Debt Management Plans (DMPs) -- Nonprofit Help to Pay Down Debt

One payment, lower rates, no bankruptcy required

How a DMP Works

A debt management plan is administered by a nonprofit credit counseling agency (look for NFCC or FCAA members). You make one monthly payment to the agency, and they distribute it to your creditors at pre-negotiated reduced interest rates. Most DMPs reduce credit card interest to 0-8% and eliminate late fees. You pay back 100% of the principal over 3-5 years.

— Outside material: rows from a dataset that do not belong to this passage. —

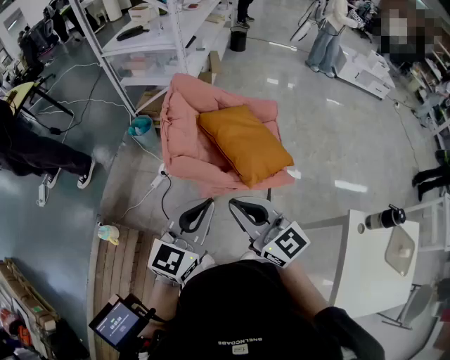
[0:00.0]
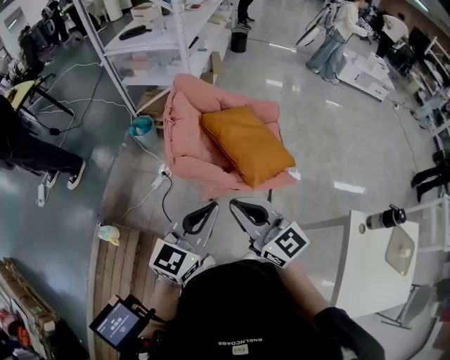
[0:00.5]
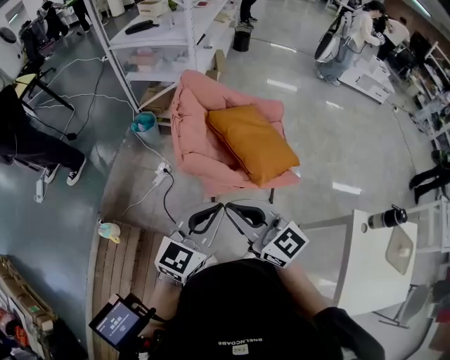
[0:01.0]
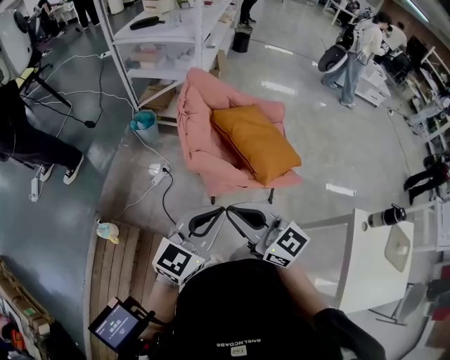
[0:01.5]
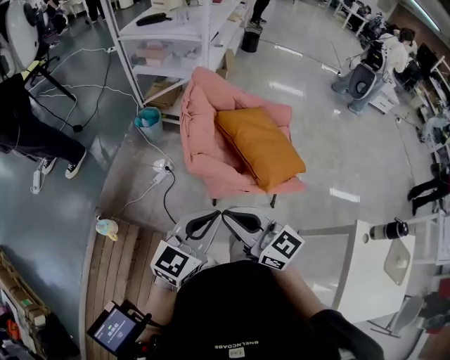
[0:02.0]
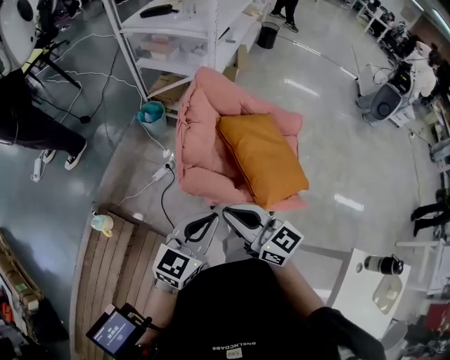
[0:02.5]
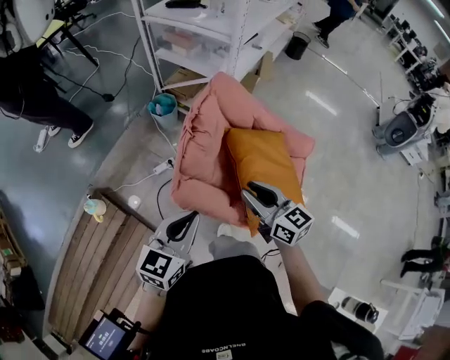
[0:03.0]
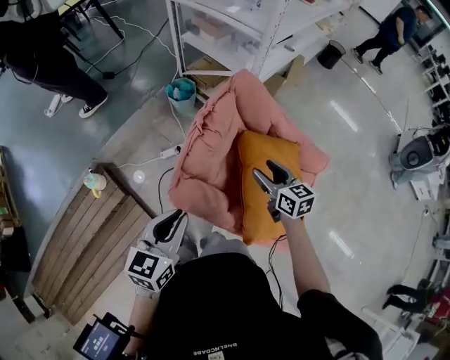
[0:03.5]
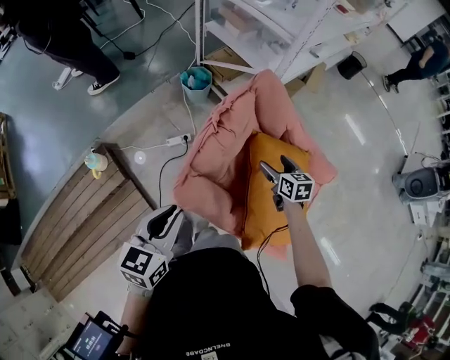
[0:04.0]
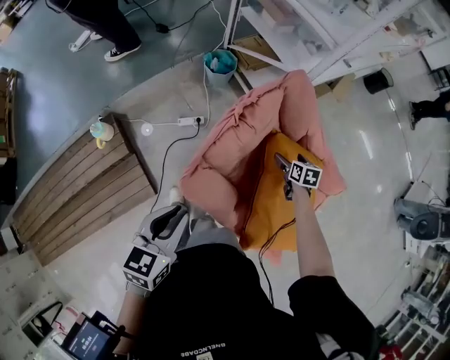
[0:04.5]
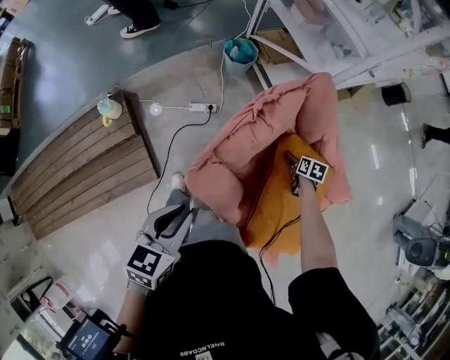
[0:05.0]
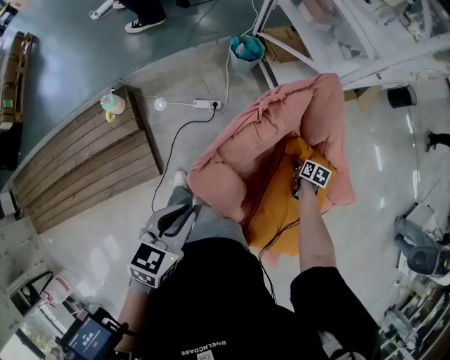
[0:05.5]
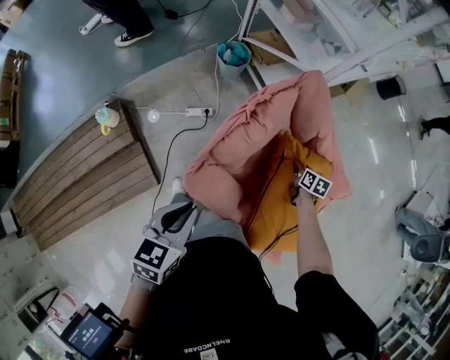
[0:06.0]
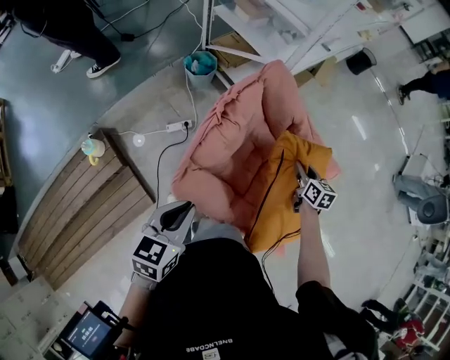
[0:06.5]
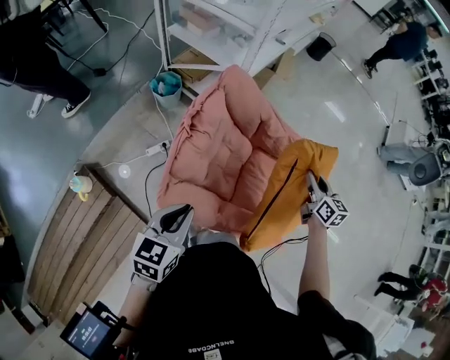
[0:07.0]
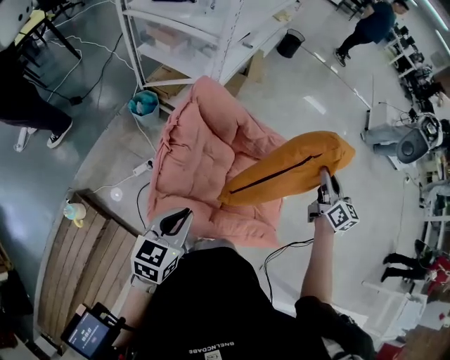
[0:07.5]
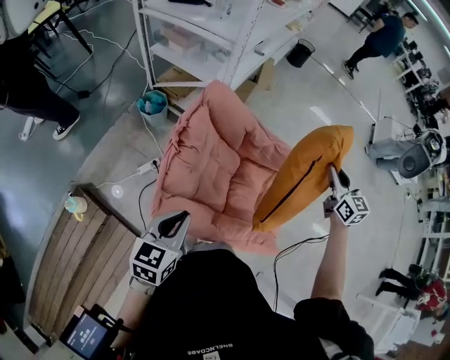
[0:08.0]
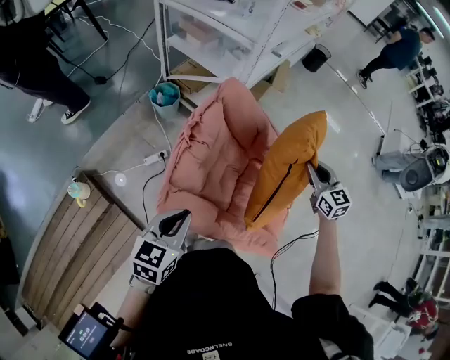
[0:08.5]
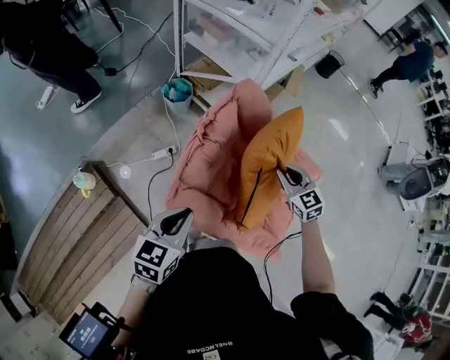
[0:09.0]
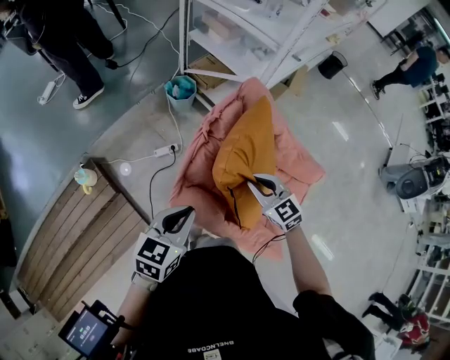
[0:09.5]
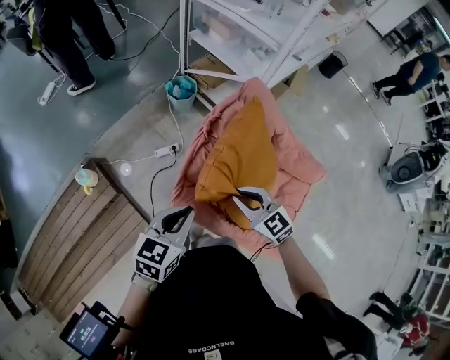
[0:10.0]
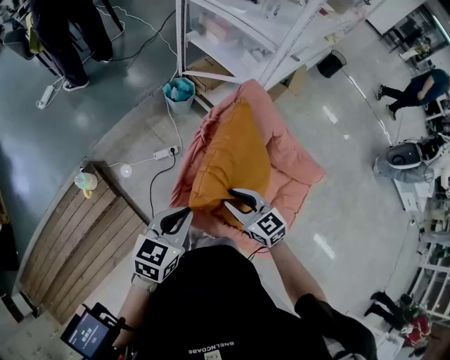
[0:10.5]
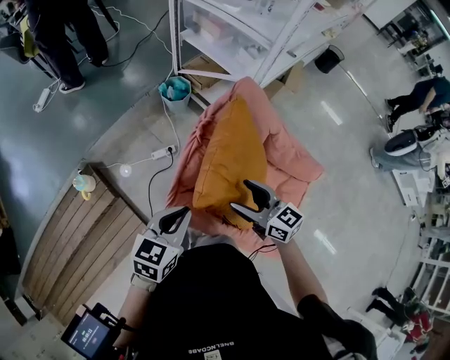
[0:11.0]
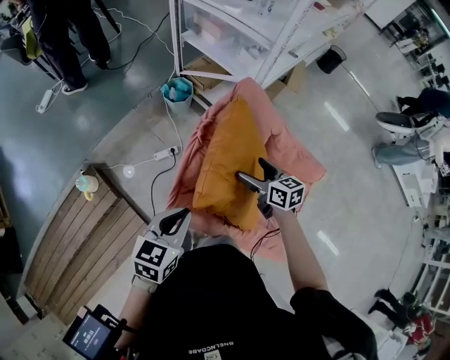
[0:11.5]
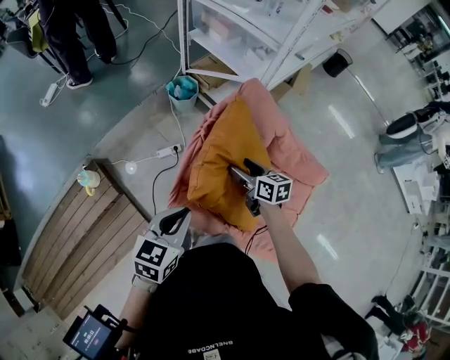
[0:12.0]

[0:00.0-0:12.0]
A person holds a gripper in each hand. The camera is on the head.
0.0 to 2.0 s: The left gripper goes roughly 10 cm to the left and downward. The right gripper moves to the left, roughly 10 cm.
2.0 to 4.0 s: The right gripper shifts roughly 60 cm forward, to the right and downward, points its fingers some 40 degrees further downward, and opens up. The left gripper shifts roughly 20 cm forward, and rotates roughly 50 degrees.
4.0 to 6.0 s: The left gripper shifts about 5 cm downward. Meanwhile the right gripper goes about 15 cm downward and to the right, and closes.
6.0 to 8.0 s: The left gripper shifts by about 10 cm, and changes its angle by roughly 30 degrees. The right gripper is displaced upward by approximately 35 cm, and tilts its fingers about 40 degrees upward.
8.0 to 10.0 s: The right gripper changes place by approximately 40 cm, and rotates about 50 degrees. Meanwhile the left gripper changes place by about 5 cm.
10.0 to 12.0 s: The right gripper moves forward and downward, about 15 cm, rotates around the line of its fingers by about 40 degrees, clockwise from behind, and opens up.

DMP vs. Debt Settlement vs. Bankruptcy

DMP: Pay back full principal at reduced interest over 3-5 years. Credit impact: moderate. Cost: small monthly fee ($25-50). Debt settlement: Pay 40-60% of balance in lump sum. Credit impact: significant. Cost: 15-25% fee if using a company. Bankruptcy: Discharge or restructure all qualifying debts. Credit impact: major but recoverable. Cost: attorney fees + filing fee. Choose based on the total amount owed, your income, and your timeline.

Who Qualifies

You generally need: enough income to make a meaningful monthly payment (typically $200+/month), primarily unsecured debt (credit cards, medical bills), and a willingness to stop using credit cards during the plan. DMPs do not cover mortgages, auto loans, student loans, or tax debts -- only unsecured consumer debt. If your debt-to-income ratio is too high, the counselor may recommend bankruptcy instead.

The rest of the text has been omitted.